Our Spring-based microservice sometimes fails to connect to its eventing service for a couple of minutes. This is okay from an application point of view, as we have several retries and fallbacks in place that take care of this. Each failed connection attempt results in an ERROR log written by the class org.springframework.jms.listener.DefaultMessageListenerContainer. Is it possible to configure Spring such that this log message would be written with a lower log level, such as WARN?

CodePudding user response:

As @Jens mentioned this is not possible since the level at which a message is logged is given by the actual function call.

So, if Spring (or any other library or even your own code, really) has something like:

public void connect() {
    try(establishConnection()) {
        // ...
    } catch (Exception e) {
        log.error("Failed to establish connection");
    }

you'll notice that the logging is always done at the error level, since that is what is being invoked.

The only recourse you have in this case is to set the log level of the class to OFF if your given logging implementation supports it (the default, Logback, does). For example:

# application.yml
logging.level:
  org.springframework.jms.listener.DefaultMessageListenerContainer: OFF

However, there's really no reason to do this unless you are getting absolutely swamped by these log messages (and even then, just filter them in your Dashboard). Error logs exist for a reason.

Alternatively, I suppose you could also do some hacky trickery using AspectJ to change the level something is logged at if you really, really needed to, but I doubt this applies in this case.

Lastly, you can fork the library and link your own Jar files into your application. But I doubt this maintenance burden is worth it in this case.

CodePudding user response:

As @filpa mentioned this is not possible because the level at which a message is logged is given by the actual function call. .

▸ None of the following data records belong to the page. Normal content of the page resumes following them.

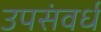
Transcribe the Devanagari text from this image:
उपसंवर्ध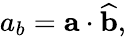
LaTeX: a_{b}=\mathbf{a}\cdot{\widehat{\mathbf{b}}},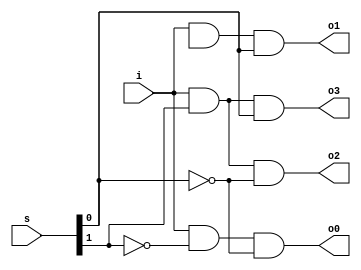
module Demultiplexer_1x4_Structural(
    o0,     // output 0 
    o1,     // output 1
    o2,     // output 2
    o3,     // output 3
    i,      // input 
    s       // mode sel
    );
    
    output o0;
    output o1;
    output o2;
    output o3;
    input i; 
    input [1:0]s;
    
    and(o0, i, ~s[1], ~s[0]);
    and(o1, i, ~S[1], s[0]);
    and(o2, i, s[1], ~s[0]);
    and(o3, i, s[1], s[0]);
endmodule

So, if Spring (or any other library or even your own code, really) has something like:

public void connect() {
try(establishConnection()) {
    // ...
} catch (Exception e) {
    log.error("Failed to establish connection");
}

you'll notice that the logging is always done at the error level, since that is what is being invoked.

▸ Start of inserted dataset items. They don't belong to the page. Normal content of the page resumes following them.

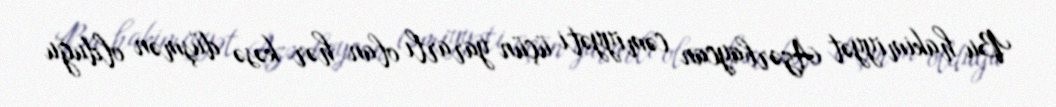
Bu hakimiyyət Azərbaycan cəmiyyəti üçün yararlı olan hər kəsə düşmən olduğu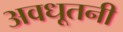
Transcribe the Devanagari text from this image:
अवधूतनी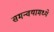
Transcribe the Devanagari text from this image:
समन्वयामध्ये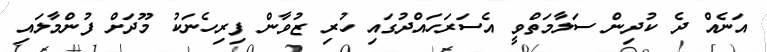
އަނެއް ދެ ކުދިން ސަލާމަތްވީ އެސަރަހައްދުގައި ހުރި ޒުވާން ފިރިހެނަކު މޫދަށް ފުންމާލައި

The only recourse you have in this case is to set the log level of the class to OFF if your given logging implementation supports it (the default, Logback, does). For example :

# application.yml

logging.level: org.springframework.jms.listener.DefaultMessageListenerContainer: OFF

However, there's really no reason to do this unless you are getting absolutely swamped by these log messages (and even then, just filter them in your Dashboard). Error logs exist for a reason.

Furthermore, you may fork the library and link your own Jar files into your application. But I doubt this maintenance burden is worth it in this case.